__Excerpted records__:
· · ·
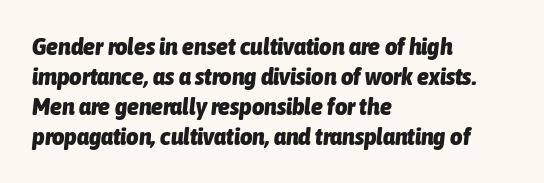
Q: Is the text bold? A: Yes.
Q: Is the text italic (slanted)? A: Yes, it leans right by about 6 degrees.
Q: Is the text underlined? A: No.
Q: How is the paragraph aligned? A: Left-aligned.
Q: Is the spacing between letters normal or unusually wide? A: Normal.
Q: Is the spacing between lines tight, normal or loose? A: Normal.
· · ·
__Action item__: Once you reach the line that contains "Q: How is the", transcribe it and all remaining lines of the listing exactly; skip everything before it.

__Exercise solution__:
Q: How is the paragraph aligned? A: Left-aligned.
Q: Is the spacing between letters normal or unusually wide? A: Normal.
Q: Is the spacing between lines tight, normal or loose? A: Normal.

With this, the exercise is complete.